The program’s centerpiece remains the Transilvania Pitch Stop, a co-production forum open to first- and second-time filmmakers from Romania, Moldova, Hungary, Bulgaria, Serbia, Ukraine, Greece, Turkey, Georgia and — for the very first time — Cyprus and Albania. Among the films supported by the TPS since its first edition are “Apples,” by Greece’s Christos Nikou, which opened the Horizons sidebar of the Venice Film Festival in 2020; “La Civil,” by Romania’s Teodora Ana Mihai, which won the Prize of Courage in the Cannes Film Festival’s Un Certain Regard sidebar in 2021; Ukrainian director Maksym Nakonechnyi’s “Butterfly Vision,” which bowed in Un Certain Regard in 2022; and Mihai Mincan’s “To the North,” which was selected in Venice that same year.

This year’s selection includes new projects from Ukrainian filmmaker Philip Sotnychenko, whose debut, the crime thriller “La Palisiada,” was a Rotterdam premiere in 2023, and Turkish director Belkıs Bayrak, whose first feature, “Gülizar,” played Toronto and San Sebastian two years ago. Also taking part in the forum is veteran Romanian cinematographer Adrian Silișteanu, presenting his feature debut, “Another Story About My Son,” and first-time filmmaker Octavian Şaramet, with the folk-horror project “Sun Offspring.”

“Overall, the selection brings together a strong mix of established filmmakers preparing their next features and emerging voices with distinctive, internationally relevant stories,” says Geger.

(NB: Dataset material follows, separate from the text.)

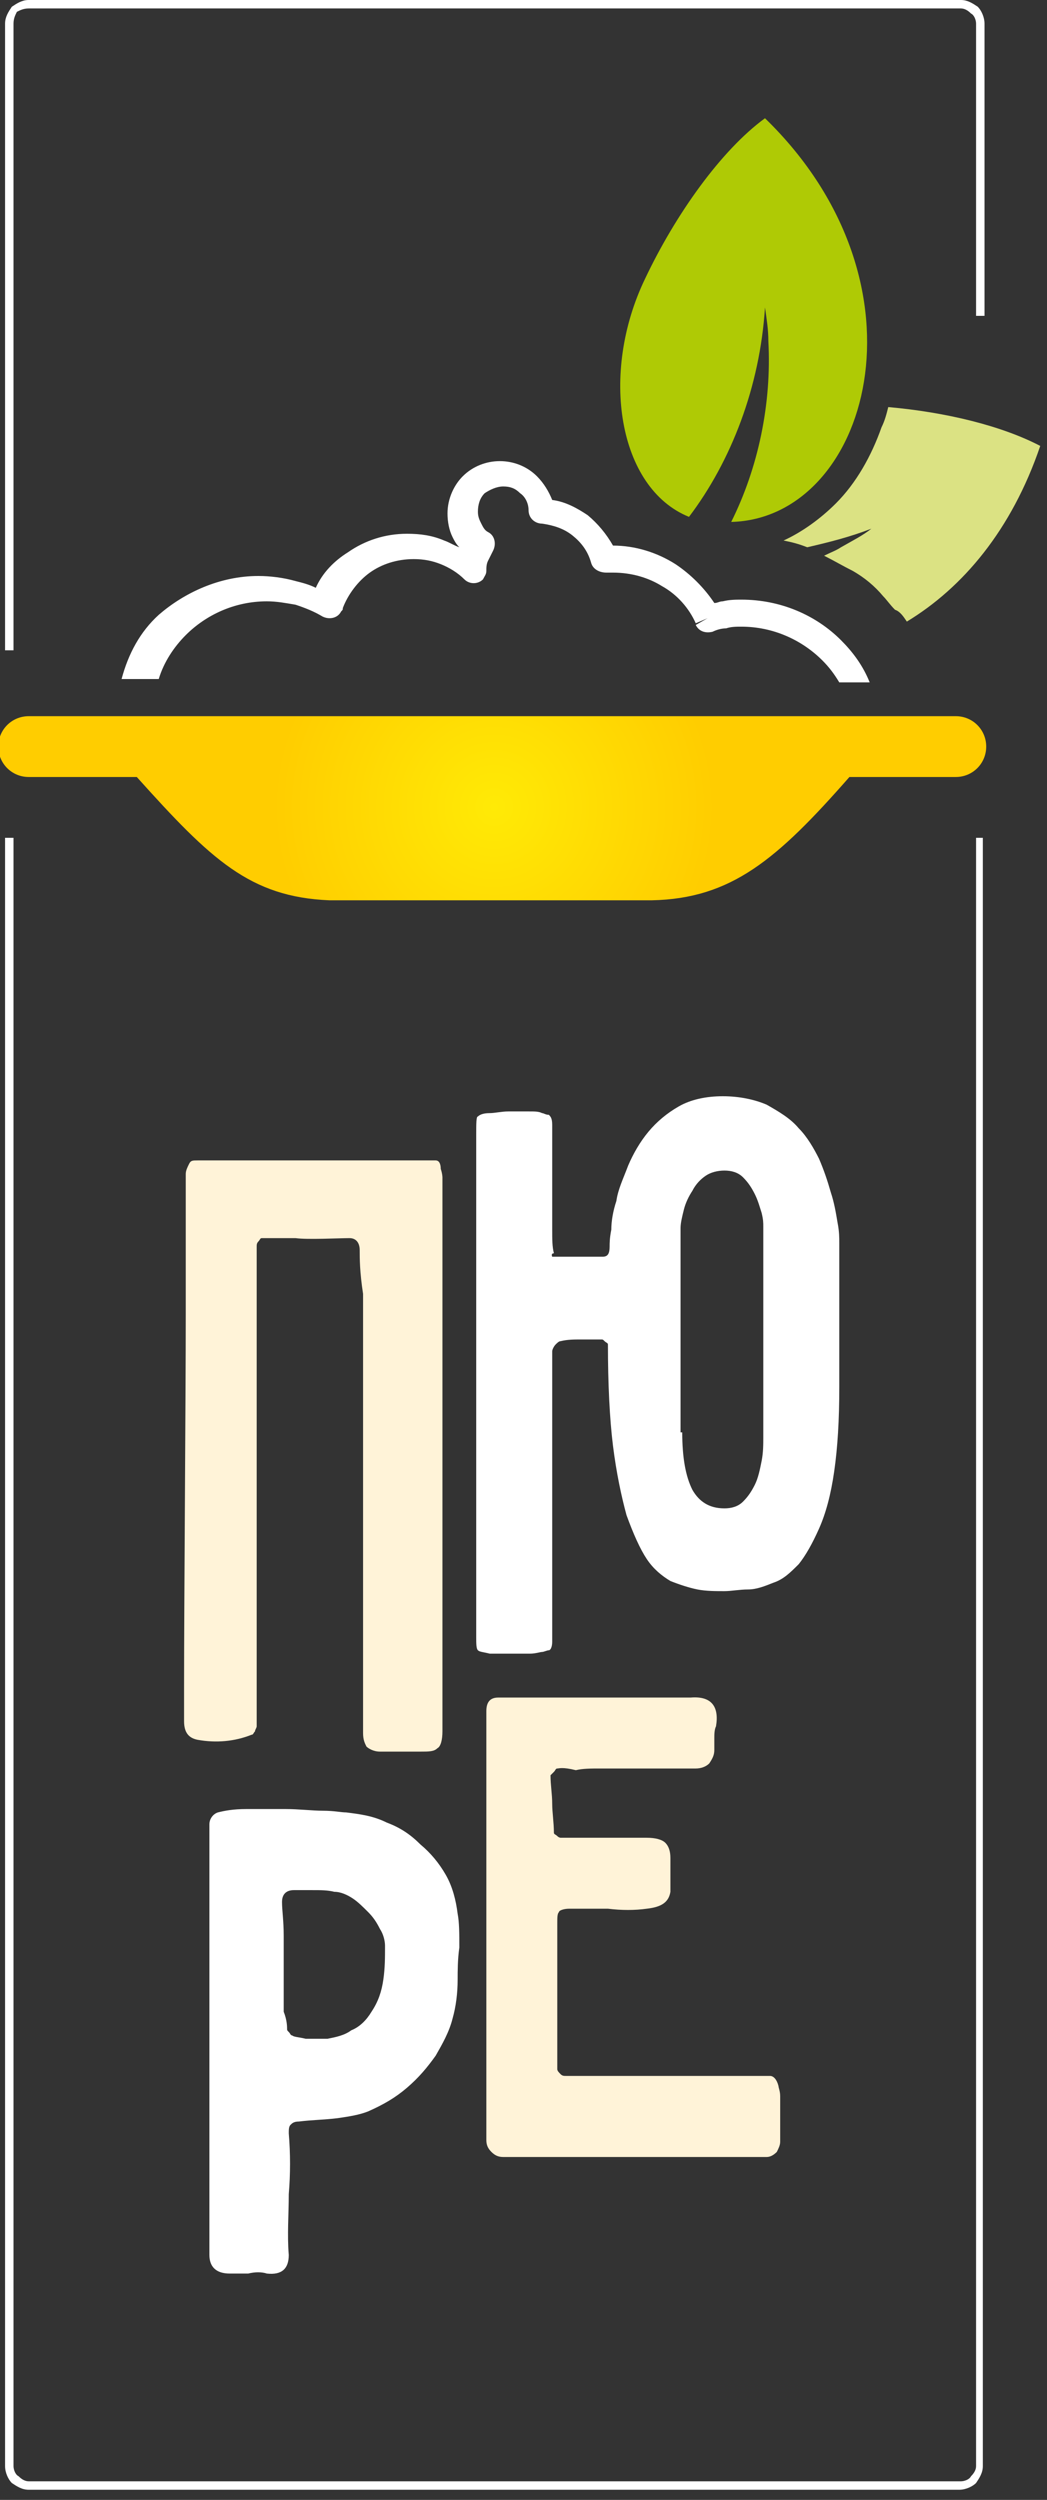 <?xml version="1.0" encoding="UTF-8"?> <svg xmlns="http://www.w3.org/2000/svg" width="62" height="148" viewBox="0 0 62 148" fill="none"><rect x="0" y="0" width="62" height="148" fill="#333333" stroke="none"/> <g clip-path="url(#clip0)"> <path d="M17 120.1C17 120.2 17 120.2 17.1 120.3C17.2 120.4 17.2 120.5 17.3 120.5C17.4 120.6 17.7 120.6 18.1 120.7C18.5 120.7 18.9 120.7 19.4 120.7C19.9 120.6 20.4 120.5 20.8 120.2C21.3 120 21.7 119.6 22 119.1C22.4 118.5 22.6 117.9 22.7 117.2C22.8 116.5 22.8 115.9 22.8 115.2C22.8 114.9 22.7 114.5 22.5 114.2C22.3 113.8 22.1 113.5 21.8 113.2C21.5 112.9 21.2 112.6 20.9 112.4C20.6 112.2 20.2 112 19.8 112C19.4 111.9 19 111.9 18.5 111.9C18.1 111.9 17.7 111.9 17.4 111.9C17 111.9 16.7 112.1 16.7 112.6C16.7 113.1 16.8 113.7 16.8 114.6C16.8 115.4 16.8 116.2 16.8 117C16.8 117.8 16.8 118.5 16.8 119.1C17 119.6 17 120 17 120.1ZM27.1 117.2C27.1 118 27 118.8 26.8 119.5C26.6 120.3 26.2 121 25.8 121.7C25.3 122.4 24.8 123 24.1 123.6C23.4 124.2 22.7 124.6 21.8 125C21.3 125.2 20.7 125.3 20 125.4C19.2 125.5 18.5 125.5 17.7 125.6C17.4 125.6 17.3 125.7 17.2 125.8C17.1 125.9 17.1 126.1 17.1 126.3C17.2 127.5 17.2 128.7 17.1 129.9C17.1 131.1 17 132.3 17.1 133.5C17.1 134.3 16.7 134.7 15.8 134.6C15.5 134.5 15.1 134.5 14.7 134.6C14.3 134.6 13.9 134.6 13.6 134.6C12.8 134.6 12.4 134.2 12.4 133.5C12.4 132.9 12.4 131.8 12.4 130.4C12.4 129 12.4 127.3 12.4 125.5C12.4 123.7 12.4 121.8 12.4 119.9C12.4 117.9 12.4 116.1 12.4 114.5C12.4 112.8 12.4 111.4 12.4 110.2C12.4 109 12.4 108.3 12.4 108C12.4 107.7 12.6 107.4 12.9 107.3C13.3 107.2 13.8 107.1 14.6 107.1C15.4 107.1 16.1 107.1 16.9 107.1C17.7 107.1 18.5 107.2 19.1 107.2C19.8 107.2 20.2 107.3 20.5 107.3C21.3 107.4 22.1 107.5 22.9 107.9C23.7 108.2 24.3 108.6 24.9 109.2C25.5 109.7 26 110.3 26.4 111C26.8 111.7 27 112.5 27.1 113.3C27.2 113.8 27.2 114.5 27.2 115.3C27.1 116 27.1 116.7 27.1 117.2Z" fill="white"></path> <path d="M21.3 74C21.3 73.6 21.1 73.3 20.7 73.3C20.1 73.3 18.2 73.4 17.5 73.3C16.8 73.3 16.1 73.3 15.5 73.3C15.4 73.3 15.4 73.4 15.3 73.5C15.2 73.6 15.2 73.7 15.2 73.8C15.2 74 15.2 74.7 15.2 75.8C15.2 80.4 15.2 92.1 15.2 96.7C15.2 98.2 15.2 99.5 15.2 100.5C15.2 101.5 15.2 102.1 15.2 102.2C15.2 102.3 15.1 102.4 15.1 102.5C15 102.6 15 102.7 14.9 102.7C13.9 103.1 12.8 103.2 11.7 103C11.2 102.9 10.9 102.6 10.9 101.9C10.9 101.7 10.9 101.1 10.9 99.9C10.9 94.9 11 82.8 11 77.8C11 76.1 11 74.5 11 73.2C11 71.9 11 71 11 70.5C11 70.4 11 70.3 11 70.1C11 69.9 11 69.7 11 69.5C11 69.3 11.1 69.1 11.2 68.9C11.3 68.7 11.4 68.7 11.7 68.7C11.8 68.7 12.2 68.7 12.9 68.7C13.6 68.7 14.3 68.7 15.2 68.7C16.1 68.7 17.1 68.7 18.1 68.7C19.1 68.7 21.4 68.7 22.3 68.7C23.2 68.7 24 68.7 24.6 68.7C25.3 68.7 25.6 68.7 25.8 68.7C26 68.7 26.1 68.9 26.1 69.2C26.2 69.5 26.2 69.7 26.2 69.7C26.2 69.9 26.2 70.4 26.2 71.2C26.2 72 26.2 72.9 26.2 74C26.2 75.1 26.2 76.4 26.2 77.8C26.2 82 26.2 93.4 26.2 97.6C26.2 98.8 26.2 99.9 26.2 100.7C26.2 101.6 26.2 102.2 26.2 102.5C26.2 103 26.1 103.4 25.9 103.5C25.7 103.7 25.4 103.7 24.9 103.7C24.5 103.7 24.1 103.7 23.7 103.7C23.3 103.7 22.9 103.7 22.5 103.7C22.1 103.7 21.8 103.5 21.7 103.4C21.6 103.2 21.5 103 21.5 102.6C21.5 102.4 21.5 101.8 21.5 100.8C21.5 99.8 21.5 98.6 21.5 97.1C21.5 92.6 21.5 81 21.5 76.6C21.3 75.3 21.3 74.5 21.3 74Z" fill="#FFF3D8"></path> <path d="M40.4 84.8C40.4 86.3 40.6 87.4 41 88.2C41.4 88.9 42 89.3 42.9 89.3C43.3 89.3 43.7 89.2 44 88.9C44.3 88.6 44.5 88.3 44.7 87.9C44.9 87.5 45 87 45.1 86.5C45.2 86 45.2 85.5 45.2 85.1C45.2 84.8 45.2 84.3 45.2 83.6C45.2 82.9 45.2 82.1 45.2 81.2C45.2 80.3 45.2 79.4 45.2 78.4C45.2 77.4 45.2 76.6 45.2 75.7C45.2 74.9 45.2 74.2 45.2 73.6C45.2 73 45.2 72.7 45.2 72.6C45.2 72.4 45.2 72.2 45.1 71.8C45 71.5 44.9 71.1 44.7 70.7C44.5 70.3 44.3 70 44 69.7C43.7 69.4 43.3 69.3 42.9 69.3C42.5 69.3 42.1 69.4 41.8 69.6C41.5 69.8 41.2 70.1 41 70.5C40.8 70.8 40.6 71.2 40.5 71.6C40.4 72 40.3 72.4 40.3 72.7V84.8H40.4ZM32.7 74.4C32.8 74.4 32.9 74.4 33.2 74.4C33.4 74.4 33.7 74.4 34 74.4C34.3 74.4 34.6 74.4 34.9 74.4C35.2 74.4 35.5 74.4 35.7 74.4C36 74.4 36.1 74.2 36.1 73.8C36.1 73.6 36.1 73.3 36.2 72.8C36.2 72.3 36.3 71.7 36.5 71.1C36.6 70.4 36.9 69.8 37.2 69C37.5 68.3 37.9 67.6 38.4 67C38.9 66.4 39.5 65.9 40.2 65.5C40.9 65.1 41.8 64.9 42.8 64.9C43.8 64.9 44.7 65.1 45.4 65.4C46.1 65.8 46.8 66.2 47.3 66.8C47.8 67.3 48.2 68 48.5 68.6C48.8 69.3 49 69.9 49.2 70.6C49.4 71.2 49.5 71.8 49.6 72.4C49.7 72.9 49.7 73.3 49.7 73.6C49.7 74 49.7 74.5 49.7 75.2C49.7 75.9 49.7 76.6 49.7 77.4C49.7 78.2 49.7 79 49.7 79.8C49.7 80.6 49.7 81.4 49.7 82.1C49.7 84.1 49.6 85.7 49.4 87.1C49.2 88.5 48.9 89.6 48.5 90.5C48.1 91.4 47.7 92.1 47.3 92.6C46.8 93.1 46.4 93.5 45.8 93.7C45.3 93.9 44.8 94.1 44.3 94.1C43.8 94.1 43.3 94.2 42.9 94.2C42.4 94.2 41.8 94.2 41.3 94.1C40.8 94 40.2 93.8 39.7 93.6C39.2 93.3 38.7 92.9 38.3 92.3C37.9 91.7 37.5 90.8 37.1 89.7C36.8 88.6 36.5 87.2 36.3 85.6C36.1 84 36 81.9 36 79.6C36 79.5 35.9 79.5 35.8 79.4C35.7 79.3 35.7 79.3 35.6 79.3C35.2 79.3 34.8 79.3 34.4 79.3C34 79.3 33.6 79.3 33.2 79.4C33.1 79.4 33 79.5 32.9 79.6C32.8 79.7 32.7 79.9 32.7 80C32.7 80.6 32.7 81.6 32.7 82.8C32.7 84 32.7 89.7 32.7 91C32.7 92.3 32.7 93.6 32.7 94.8C32.7 96 32.7 96.8 32.7 97.2C32.7 97.5 32.6 97.7 32.5 97.7C32.4 97.7 32.2 97.8 32.1 97.8C32 97.8 31.7 97.9 31.4 97.9C31.1 97.9 30.7 97.9 30.4 97.9C30.1 97.9 29.7 97.9 29.5 97.9C29.2 97.9 29.1 97.9 29 97.9C28.6 97.8 28.4 97.8 28.3 97.7C28.2 97.6 28.2 97.3 28.2 96.9C28.2 96.8 28.2 96.3 28.2 95.4C28.2 94.6 28.2 93.5 28.2 92.3C28.2 91.1 28.2 85.3 28.2 83.7C28.2 82.1 28.2 80.5 28.2 78.9C28.2 77.3 28.2 75.7 28.2 74.2C28.2 72.7 28.2 71.3 28.2 70.1C28.2 68.9 28.2 67.9 28.2 67.2C28.2 66.5 28.2 66.1 28.3 66.1C28.4 66 28.6 65.9 29 65.9C29.3 65.9 29.7 65.8 30.1 65.8C30.5 65.8 30.9 65.8 31.3 65.8C31.7 65.8 31.9 65.8 32.1 65.9C32.2 65.9 32.3 66 32.5 66C32.6 66.1 32.7 66.2 32.7 66.6C32.7 66.7 32.7 67 32.7 67.4C32.7 67.8 32.7 68.4 32.7 69C32.7 69.6 32.7 70.3 32.7 70.9C32.7 71.6 32.7 72.2 32.7 72.8C32.7 73.4 32.7 73.8 32.8 74.2C32.6 74.2 32.7 74.4 32.7 74.4Z" fill="white"></path> <path d="M33 104.7C32.9 104.7 32.9 104.8 32.8 104.9C32.7 105 32.6 105.1 32.6 105.1C32.6 105.7 32.7 106.2 32.7 106.8C32.7 107.3 32.8 107.9 32.8 108.5C32.8 108.6 32.9 108.6 33 108.7C33.1 108.8 33.2 108.8 33.2 108.8C33.6 108.8 34.1 108.8 34.6 108.8C35.1 108.8 35.5 108.8 36 108.8C36.4 108.8 36.9 108.8 37.3 108.8C37.7 108.8 38 108.8 38.3 108.8C38.8 108.8 39.2 108.9 39.4 109.1C39.6 109.3 39.7 109.6 39.7 110C39.7 110.3 39.7 110.6 39.7 111C39.7 111.3 39.7 111.6 39.7 112C39.6 112.6 39.2 112.9 38.3 113C37.6 113.1 36.8 113.1 36 113C35.2 113 34.5 113 33.7 113C33.4 113 33.1 113.1 33.1 113.2C33 113.3 33 113.5 33 113.9C33 114.5 33 115.3 33 116.2C33 117.1 33 118 33 118.9C33 119.8 33 120.6 33 121.3C33 122 33 122.4 33 122.5C33 122.6 33.1 122.7 33.2 122.8C33.3 122.9 33.4 122.9 33.5 122.9C34.1 122.9 38.4 122.9 39.3 122.9C40.2 122.9 41 122.9 41.9 122.9H44.9C45.1 122.9 45.4 122.9 45.6 122.9C45.8 122.9 46 123.1 46.1 123.5C46.1 123.6 46.2 123.8 46.2 124.1C46.2 124.4 46.2 124.7 46.2 125.1C46.2 125.4 46.2 125.8 46.2 126.1C46.2 126.4 46.2 126.6 46.2 126.8C46.2 127 46.1 127.2 46 127.4C45.8 127.6 45.6 127.7 45.4 127.7C45.2 127.7 44.8 127.7 44.2 127.7C43.6 127.7 42.8 127.7 41.9 127.7C41 127.7 40.1 127.7 39.1 127.7C38.1 127.7 33.7 127.7 32.9 127.7C32.1 127.7 31.4 127.7 30.8 127.7C30.2 127.7 29.9 127.7 29.8 127.7C29.5 127.7 29.3 127.6 29.1 127.4C28.9 127.2 28.8 127 28.8 126.7C28.8 126.4 28.8 125.5 28.8 124.2C28.8 122.9 28.8 121.3 28.8 119.5C28.8 117.7 28.8 115.8 28.8 113.7C28.8 111.7 28.8 109.8 28.8 108C28.8 106.2 28.8 104.7 28.8 103.5C28.8 102.2 28.8 101.5 28.8 101.3C28.8 100.8 29 100.5 29.5 100.5C29.8 100.5 30.5 100.5 31.5 100.5C32.5 100.5 33.6 100.5 34.8 100.5C36 100.5 37.1 100.5 38.3 100.5C39.4 100.5 40.3 100.5 40.9 100.5C42.1 100.4 42.6 101 42.4 102.2C42.3 102.4 42.3 102.7 42.3 102.9C42.3 103.1 42.3 103.4 42.3 103.6C42.3 103.9 42.2 104.1 42 104.4C41.8 104.6 41.5 104.7 41.2 104.7C41.1 104.7 40.9 104.7 40.5 104.7C40.1 104.7 39.6 104.7 39.1 104.7C38.6 104.7 37.9 104.7 37.3 104.7C36.6 104.7 36 104.7 35.5 104.7C35 104.7 34.5 104.7 34.1 104.8C33.3 104.6 33.1 104.7 33 104.7Z" fill="#FFF3D8"></path> <path fill-rule="evenodd" clip-rule="evenodd" d="M53.7 36.8C57 34.8 59.9 31.4 61.6 26.4C59.3 25.2 56 24.4 52.6 24.1C52.5 24.5 52.4 24.9 52.2 25.3C51.6 27 50.7 28.6 49.5 29.8C48.6 30.7 47.5 31.5 46.4 32C46.9 32.1 47.3 32.2 47.8 32.4C49.1 32.1 50.3 31.8 51.6 31.3C51.1 31.7 50.5 32 49.8 32.4C49.5 32.6 49.2 32.7 48.8 32.9C49.4 33.2 49.9 33.5 50.5 33.8C51.2 34.2 51.8 34.7 52.3 35.3C52.5 35.5 52.7 35.8 53 36.1C53.3 36.2 53.5 36.5 53.7 36.8Z" fill="#DBE283"></path> <path fill-rule="evenodd" clip-rule="evenodd" d="M43.3 30.9C51.4 30.7 55.5 16.9 45.3 7C42.7 8.9 40 12.7 38.2 16.5C35.5 22.1 36.6 28.9 40.8 30.6C43.3 27.3 45 22.9 45.3 18.2C45.4 18.9 45.5 19.5 45.5 20.2C45.7 23.9 44.9 27.7 43.3 30.9Z" fill="#AFCA05"></path> <path d="M58.2 49.6V146C58.2 146.4 58 146.7 57.8 147C57.6 147.2 57.2 147.4 56.8 147.4H1.7C1.3 147.4 1 147.2 0.7 147C0.5 146.8 0.3 146.4 0.3 146V49.6H0.8V146C0.8 146.2 0.9 146.5 1.1 146.6C1.3 146.8 1.5 146.9 1.7 146.9H56.9C57.1 146.9 57.4 146.8 57.5 146.6C57.7 146.4 57.8 146.2 57.8 146V49.6H58.2ZM1.7 0H56.9C57.3 0 57.6 0.2 57.9 0.4C58.1 0.6 58.3 1 58.3 1.4V18.7H57.8V1.4C57.8 1.2 57.7 0.9 57.5 0.8C57.3 0.6 57.1 0.5 56.9 0.5H1.7C1.4 0.5 1.2 0.6 1 0.7C0.9 0.9 0.8 1.1 0.8 1.4V38.5H0.3V1.4C0.3 1 0.5 0.7 0.7 0.4C1 0.2 1.3 0 1.7 0Z" fill="white"></path> <path d="M15.3 34.1C16 34.1 16.8 34.2 17.5 34.4C17.9 34.5 18.3 34.6 18.7 34.8C19.1 33.9 19.8 33.2 20.6 32.7C21.6 32 22.8 31.6 24.1 31.6C24.9 31.6 25.6 31.7 26.3 32C26.6 32.1 26.9 32.3 27.2 32.4C27 32.2 26.9 32 26.8 31.8C26.6 31.4 26.5 30.9 26.5 30.4C26.5 29.5 26.9 28.7 27.4 28.2C28 27.6 28.8 27.3 29.6 27.3C30.4 27.3 31.2 27.6 31.8 28.2C32.2 28.6 32.5 29.1 32.7 29.6C33.5 29.7 34.2 30.1 34.8 30.5C35.4 31 35.9 31.6 36.3 32.3C37.6 32.3 38.9 32.7 40 33.4C40.9 34 41.7 34.8 42.3 35.7C42.5 35.7 42.6 35.6 42.8 35.6C43.2 35.5 43.6 35.5 43.9 35.5C46.2 35.5 48.3 36.4 49.8 37.9C50.5 38.6 51.1 39.4 51.5 40.4H49.7C49.4 39.9 49.1 39.5 48.7 39.1C47.5 37.9 45.8 37.1 43.9 37.1C43.6 37.1 43.3 37.1 43 37.2C42.7 37.2 42.4 37.3 42.2 37.4C41.8 37.5 41.4 37.4 41.2 37L41.9 36.6L41.2 36.9C40.8 36 40.1 35.2 39.2 34.7C38.4 34.2 37.4 33.9 36.3 33.9C36.2 33.9 36.1 33.9 36.1 33.9C36.1 33.9 36 33.9 35.9 33.9C35.5 33.9 35.1 33.7 35 33.3L35.8 33.1L35 33.3C34.8 32.6 34.4 32.1 33.9 31.7C33.4 31.3 32.8 31.1 32.1 31C31.7 31 31.3 30.7 31.3 30.2H32.1H31.3C31.3 29.8 31.1 29.4 30.8 29.2C30.5 28.9 30.2 28.8 29.8 28.8C29.4 28.8 29 29 28.7 29.2L28.1 28.6L28.7 29.2C28.4 29.5 28.3 29.9 28.3 30.3C28.3 30.6 28.4 30.8 28.5 31C28.6 31.2 28.7 31.4 28.9 31.5C29.3 31.7 29.4 32.2 29.2 32.6C29.1 32.8 29 33 28.9 33.2C28.8 33.4 28.8 33.6 28.8 33.8C28.8 34 28.7 34.1 28.6 34.3C28.3 34.6 27.8 34.6 27.5 34.3C27.1 33.9 26.6 33.6 26.1 33.4C25.6 33.2 25.1 33.1 24.5 33.1C23.5 33.1 22.6 33.4 21.9 33.9C21.2 34.4 20.6 35.2 20.3 36C20.3 36.1 20.3 36.1 20.2 36.2C20 36.6 19.5 36.7 19.1 36.5C18.6 36.2 18.1 36 17.5 35.8C16.9 35.7 16.4 35.6 15.8 35.6C13.9 35.6 12.2 36.4 11 37.6C10.3 38.3 9.7 39.2 9.4 40.2H7.2C7.6 38.7 8.3 37.4 9.4 36.4C10.9 35.1 13 34.1 15.3 34.1Z" fill="white"></path> <path fill-rule="evenodd" clip-rule="evenodd" d="M40.7 25C40.5 25.2 40.3 25.4 40.2 25.5L40.3 25.6C40.4 25.5 40.6 25.2 40.7 25Z" fill="#AFCA05"></path> <path fill-rule="evenodd" clip-rule="evenodd" d="M49 21.6C48.3 21.6 47.7 21.7 47.1 21.9C47 22.5 46.9 23 46.8 23.5C46.7 24.2 46.5 24.9 46.3 25.6C46.6 25.4 46.9 25.2 47.1 24.9C47.9 24.1 48.5 23 49 21.7V21.6Z" fill="#AFCA05"></path> <path fill-rule="evenodd" clip-rule="evenodd" d="M48.3 30.6L47.6 32.3L48.3 30.6Z" fill="#AFCA05"></path> <path fill-rule="evenodd" clip-rule="evenodd" d="M8.1 46C12.5 50.9 14.8 53.1 19.5 53.3C23.5 53.3 34.6 53.3 38.6 53.3C43.3 53.2 46 50.9 50.3 46H56.6C57.6 46 58.4 45.2 58.4 44.2C58.4 43.2 57.6 42.4 56.6 42.4C38.3 42.4 20 42.4 1.7 42.4C0.7 42.4 -0.1 43.2 -0.1 44.2C-0.1 45.2 0.7 46 1.7 46H8.1Z" fill="url(#paint0_radial)"></path> </g> <defs> <radialGradient id="paint0_radial" cx="0" cy="0" r="1" gradientUnits="userSpaceOnUse" gradientTransform="translate(29.262 47.78) scale(28.322)"> <stop stop-color="#FFEA06"></stop> <stop offset="0.459" stop-color="#FFCD00"></stop> </radialGradient> <clipPath id="clip0"> <rect width="61.7" height="147.4" fill="white"></rect> </clipPath> </defs> </svg>

A number of new wrinkles have been introduced to the 2026 edition of Romanian Days, including a Book to Screen program, open to Romanian authors, publishers and directors, that looks to tap into the growing global demand for adaptable IP. The Works in Progress screenings, meanwhile, have been expanded to showcase seven Romanian feature films in post-production, which will be bolstered by the launch this year of a €30,000 ($35,000) prize awarded by HBO.

Highlights from the industry program, which takes place from June 18 – 20, include a keynote address from veteran producer and European Film Academy chair Ada Solomon on the future of European film financing, and a focus on new funding models for European series. Several sessions will also spotlight the fast-moving developments around the use of AI in the industry, while the program is rounded out by a number of masterclasses from filmmakers including acclaimed Romanian auteur Corneliu Porumboiu — the subject of a retrospective at this year’s Transilvania festival — and maverick U.K. director Ben Wheatley, in town to promote his latest film, “Bulk.”

Above all, Geger says she hopes the industry sessions will serve as a catalyst “to create opportunities for meaningful exchange and connection — between local and international professionals, between different generations of filmmakers, and between people working across different areas of the industry. 

“We see TIFF as a place where these conversations can happen naturally, where ideas can be shared openly, and where new collaborations can take shape,” she says. “By bringing together both international perspectives and discussions that speak directly to the Romanian industry, we hope to create a program that is both inspiring and genuinely useful. If participants leave TIFF with fresh ideas, new connections and renewed energy for their projects and careers, then we’ll feel we’ve achieved what we set out to do.”

The Transilvania Intl. Film Festival runs June 12 – 21.